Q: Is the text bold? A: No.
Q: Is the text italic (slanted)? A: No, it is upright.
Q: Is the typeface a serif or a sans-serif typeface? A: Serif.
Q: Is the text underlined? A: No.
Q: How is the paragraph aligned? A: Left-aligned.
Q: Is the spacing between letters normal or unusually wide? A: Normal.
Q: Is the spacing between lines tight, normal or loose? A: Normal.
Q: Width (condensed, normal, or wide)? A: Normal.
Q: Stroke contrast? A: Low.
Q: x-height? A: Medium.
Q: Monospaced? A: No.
++++
▸ Directions for this task:
Could you retype the whole listing above without altering a word?

▸ Written answer:
Q: Is the text bold? A: No.
Q: Is the text italic (slanted)? A: No, it is upright.
Q: Is the typeface a serif or a sans-serif typeface? A: Serif.
Q: Is the text underlined? A: No.
Q: How is the paragraph aligned? A: Left-aligned.
Q: Is the spacing between letters normal or unusually wide? A: Normal.
Q: Is the spacing between lines tight, normal or loose? A: Normal.
Q: Width (condensed, normal, or wide)? A: Normal.
Q: Stroke contrast? A: Low.
Q: x-height? A: Medium.
Q: Monospaced? A: No.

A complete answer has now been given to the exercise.